# Task directions
Only a number is required: the count of lines in the material below that contain "polygon".

# Source data
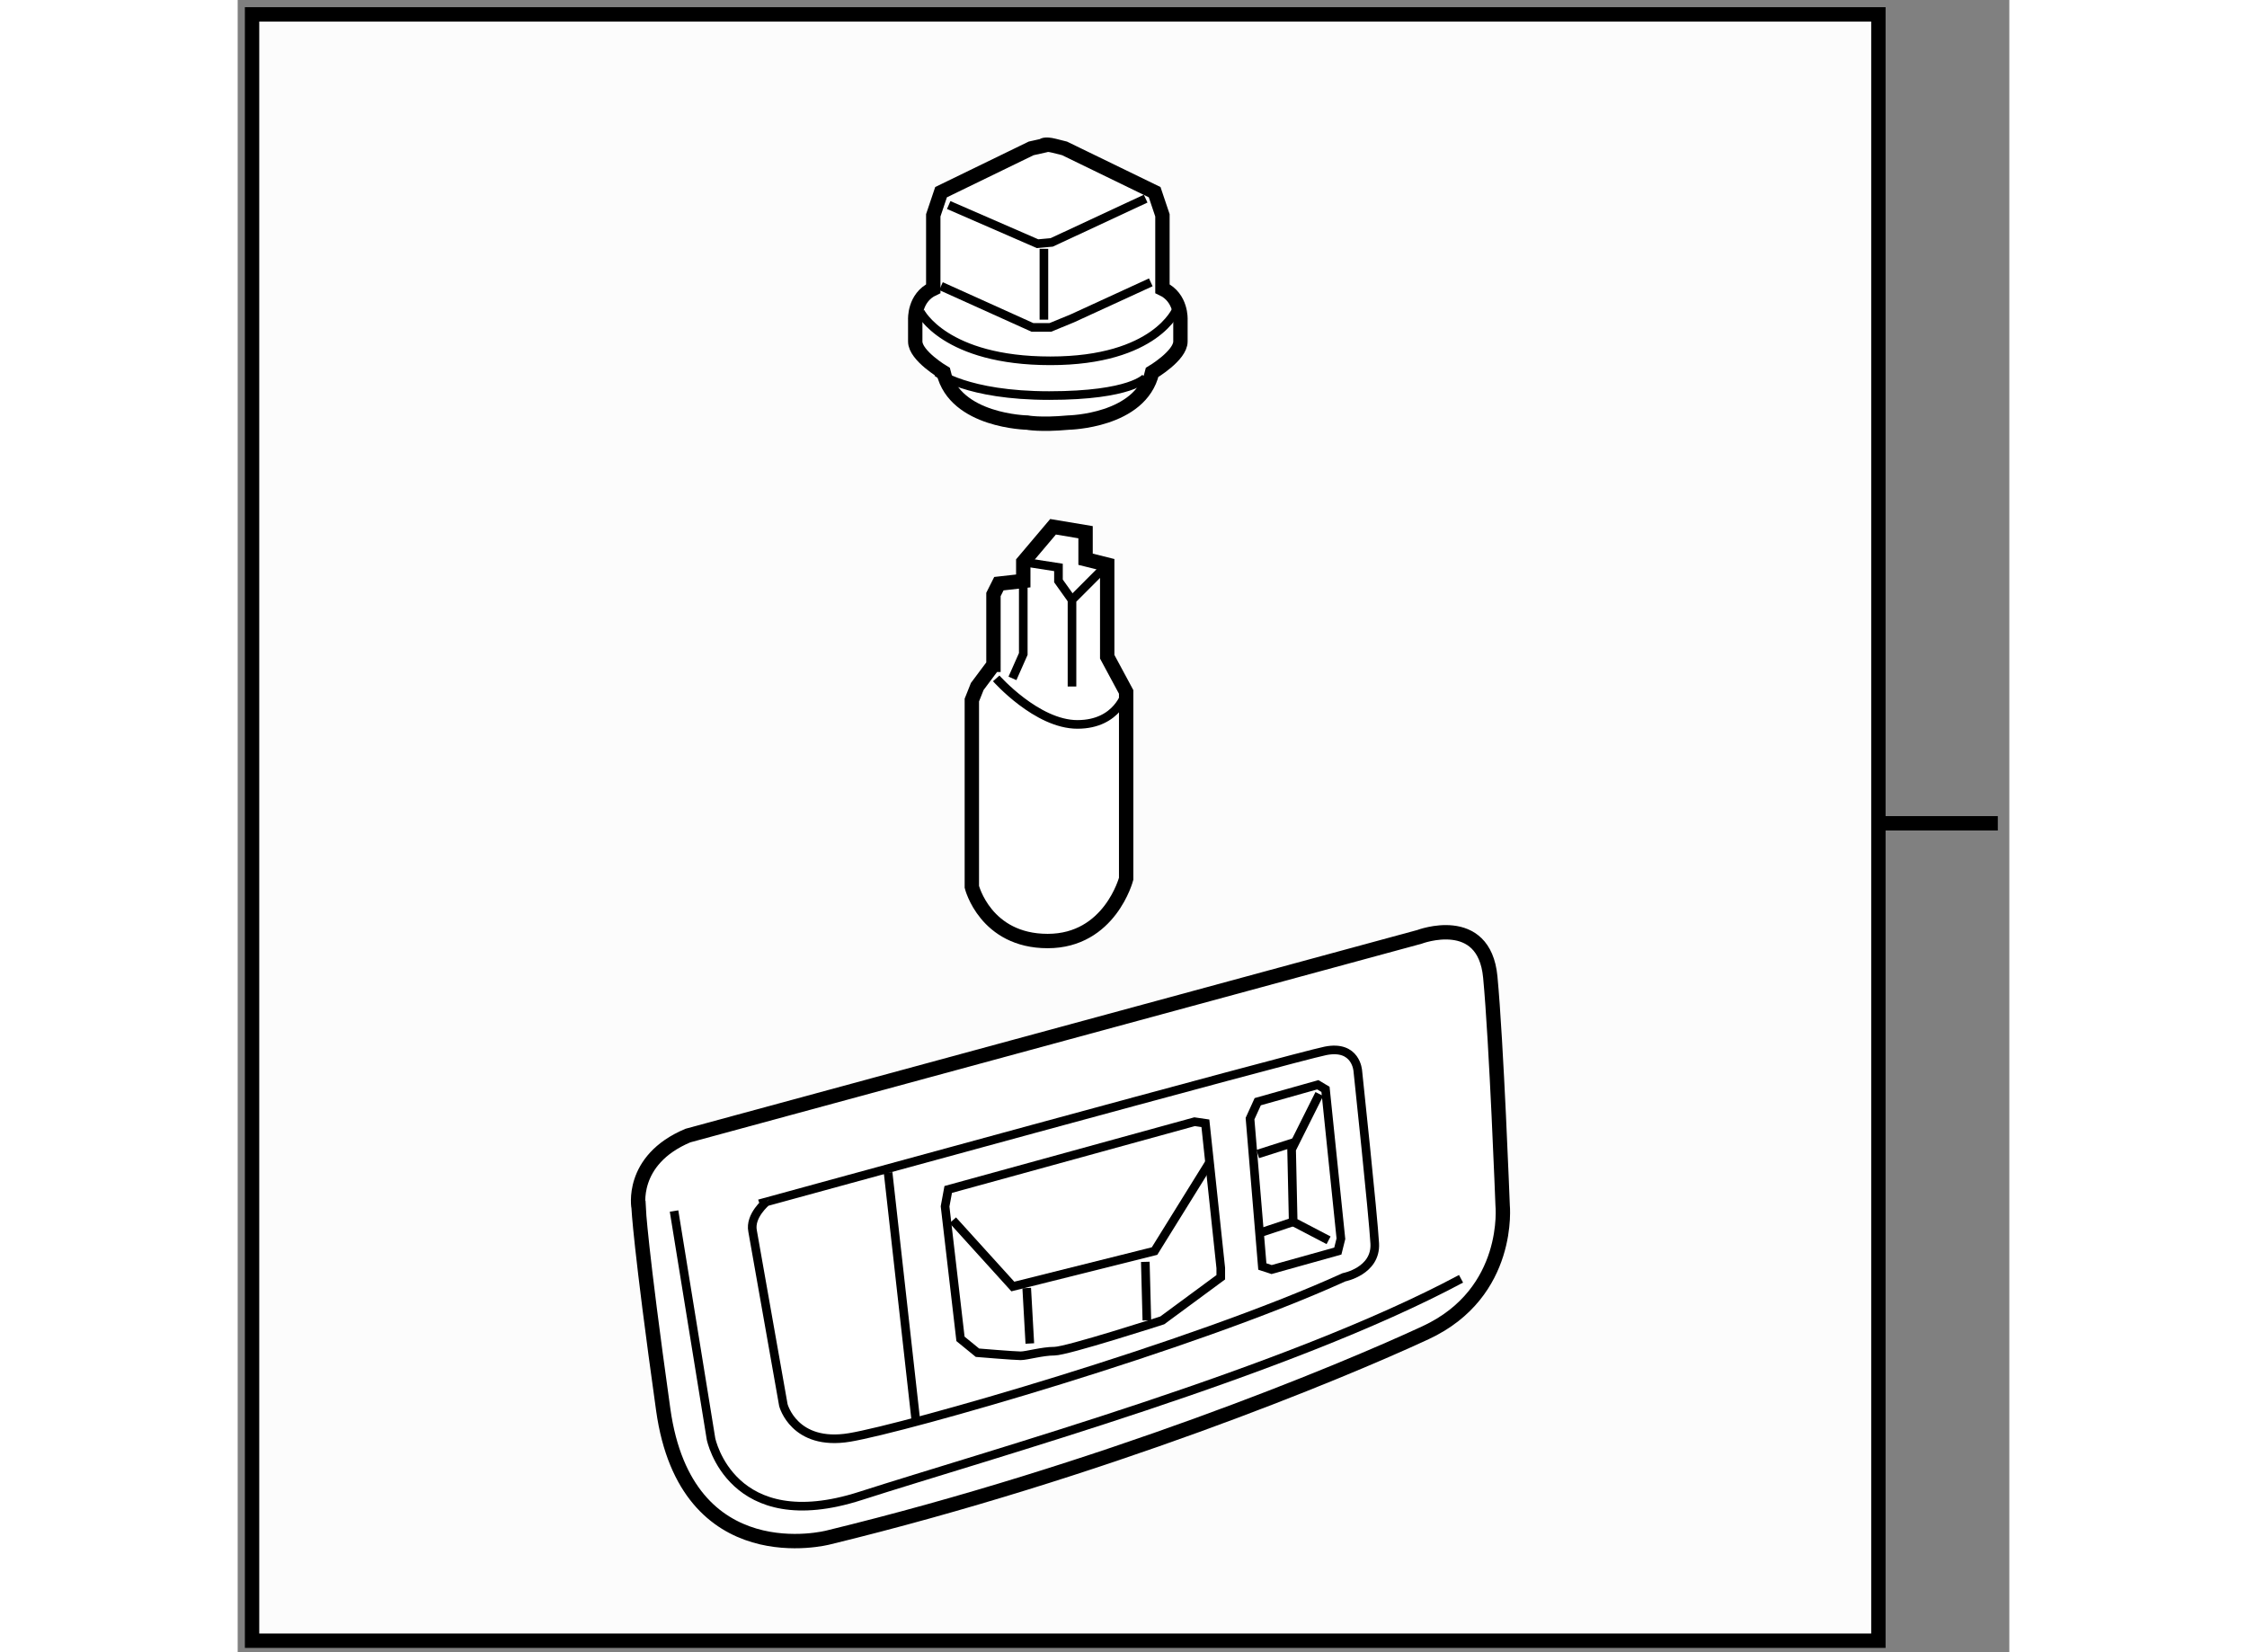 <?xml version="1.0" encoding="utf-8"?>
<!-- Generator: Adobe Illustrator 15.1.0, SVG Export Plug-In . SVG Version: 6.00 Build 0)  -->
<!DOCTYPE svg PUBLIC "-//W3C//DTD SVG 1.1//EN" "http://www.w3.org/Graphics/SVG/1.1/DTD/svg11.dtd">
<svg version="1.1" xmlns="http://www.w3.org/2000/svg" xmlns:xlink="http://www.w3.org/1999/xlink" x="0px" y="0px" width="244.8px"
	 height="180px" viewBox="56.357 3.527 61.627 57.473" enable-background="new 0 0 244.8 180" xml:space="preserve">
	
<rect x="56.357" y="3.527" width="61.627" height="57.473" fill="#808080" stroke="none"/>
	
<g><rect x="56.857" y="4.027" fill="#FCFCFC" stroke="#000000" stroke-width="0.5" width="56.573" height="56.573"></rect><line fill="none" stroke="#000000" stroke-width="0.5" x1="113.399" y1="32.166" x2="117.584" y2="32.166"></line></g><g><path fill="#FFFFFF" stroke="#000000" stroke-width="0.5" d="M72.018,43.028l25.446-6.911c0,0,2.25-0.857,2.465,1.394
				c0.214,2.249,0.429,7.928,0.429,7.928s0.32,3.055-2.68,4.447c-2.999,1.394-11.303,4.82-20.785,7.125c0,0-4.93,1.287-5.733-4.446
				s-0.856-7.019-0.856-7.019S69.983,43.885,72.018,43.028z"></path><path fill="none" stroke="#000000" stroke-width="0.3" d="M71.536,45.653l1.286,7.929c0,0,0.696,3.429,5.196,1.982
				c4.499-1.447,14.894-4.339,20.894-7.554"></path><path fill="none" stroke="#000000" stroke-width="0.3" d="M74.268,46.35l1.071,6.054c0,0,0.374,1.446,2.304,1.125
				c1.929-0.321,11.893-3.16,17.197-5.571c0,0,1.125-0.214,1.07-1.179c-0.054-0.964-0.589-6-0.589-6s-0.053-0.911-1.125-0.697
				c-1.071,0.214-19.446,5.251-19.446,5.251S74.161,45.814,74.268,46.35z"></path><line fill="none" stroke="#000000" stroke-width="0.3" x1="78.982" y1="44.314" x2="79.947" y2="52.939"></line><polygon fill="none" stroke="#000000" stroke-width="0.3" points="91.572,42.439 92,47.583 92.322,47.689 94.626,47.046 
				94.733,46.617 94.197,41.421 93.929,41.261 91.84,41.85 		"></polygon><polyline fill="none" stroke="#000000" stroke-width="0.3" points="93.982,41.582 93.018,43.51 93.073,46.028 94.304,46.671 		"></polyline><line fill="none" stroke="#000000" stroke-width="0.3" x1="91.84" y1="43.671" x2="93.179" y2="43.243"></line><line fill="none" stroke="#000000" stroke-width="0.3" x1="91.948" y1="46.402" x2="93.073" y2="46.028"></line><path fill="none" stroke="#000000" stroke-width="0.3" d="M80.964,45.493L81.5,50.1l0.59,0.482c0,0,1.287,0.107,1.501,0.107
				s0.749-0.161,1.178-0.161s3.75-1.071,3.75-1.071l2.035-1.5v-0.321l-0.535-5.035l-0.376-0.055l-8.57,2.357L80.964,45.493z"></path><polyline fill="none" stroke="#000000" stroke-width="0.3" points="81.233,45.975 83.321,48.279 88.25,47.046 90.178,43.94 		"></polyline><line fill="none" stroke="#000000" stroke-width="0.3" x1="83.804" y1="48.332" x2="83.912" y2="50.261"></line><line fill="none" stroke="#000000" stroke-width="0.3" x1="87.929" y1="47.421" x2="87.983" y2="49.457"></line></g>



	
<g><path fill="#FFFFFF" stroke="#000000" stroke-width="0.5" d="M85.12,8.689l3.134,1.523l0.271,0.805v2.552
				c0.67,0.314,0.626,1.077,0.626,1.077s0,0.269,0,0.761s-0.985,1.074-0.985,1.074c-0.402,1.702-2.91,1.746-2.91,1.746
				c-0.985,0.09-1.434,0-1.434,0s-2.508-0.044-2.911-1.746c0,0-0.985-0.582-0.985-1.074s0-0.761,0-0.761s-0.045-0.763,0.627-1.077
				v-2.552l0.271-0.805l3.134-1.523l0.403-0.09c0,0,0.043-0.089,0.402,0C85.12,8.689,85.12,8.689,85.12,8.689z"></path><polyline fill="none" stroke="#000000" stroke-width="0.3" points="80.822,13.481 84.001,14.915 84.628,14.915 85.389,14.602 
				88.12,13.348 		"></polyline><polyline fill="none" stroke="#000000" stroke-width="0.3" points="81.09,10.659 84.181,12.004 84.673,11.959 87.941,10.437 		"></polyline><line fill="none" stroke="#000000" stroke-width="0.3" x1="84.402" y1="12.182" x2="84.402" y2="14.646"></line><path fill="none" stroke="#000000" stroke-width="0.3" d="M80.688,16.481c0,0,1.03,0.806,3.896,0.806
				c2.866,0,3.358-0.627,3.358-0.627"></path><path fill="none" stroke="#000000" stroke-width="0.3" d="M80.104,14.377c0,0,0.852,1.701,4.523,1.701
				c3.671,0,4.389-1.791,4.389-1.791"></path></g>



	
<g><path fill="#FFFFFF" stroke="#000000" stroke-width="0.5" d="M82.646,26.654l-0.563,0.753l-0.188,0.472v6.498
				c0,0,0.471,1.884,2.638,1.884c2.165,0,2.73-2.166,2.73-2.166v-6.499l-0.659-1.224v-3.204l-0.753-0.188v-0.94l-1.131-0.189
				l-1.036,1.225v0.659l-0.848,0.095l-0.189,0.376V26.654z"></path><path fill="none" stroke="#000000" stroke-width="0.3" d="M82.743,27.125c0,0,1.412,1.601,2.824,1.601
				c1.413,0,1.695-1.13,1.695-1.13"></path><polyline fill="none" stroke="#000000" stroke-width="0.3" points="83.684,23.734 83.684,26.276 83.308,27.125 		"></polyline><polyline fill="none" stroke="#000000" stroke-width="0.3" points="86.604,23.168 85.379,24.395 85.379,27.407 		"></polyline><polyline fill="none" stroke="#000000" stroke-width="0.3" points="83.684,23.075 84.908,23.265 84.908,23.734 85.379,24.395 		
				"></polyline></g>


</svg>

# Response below
2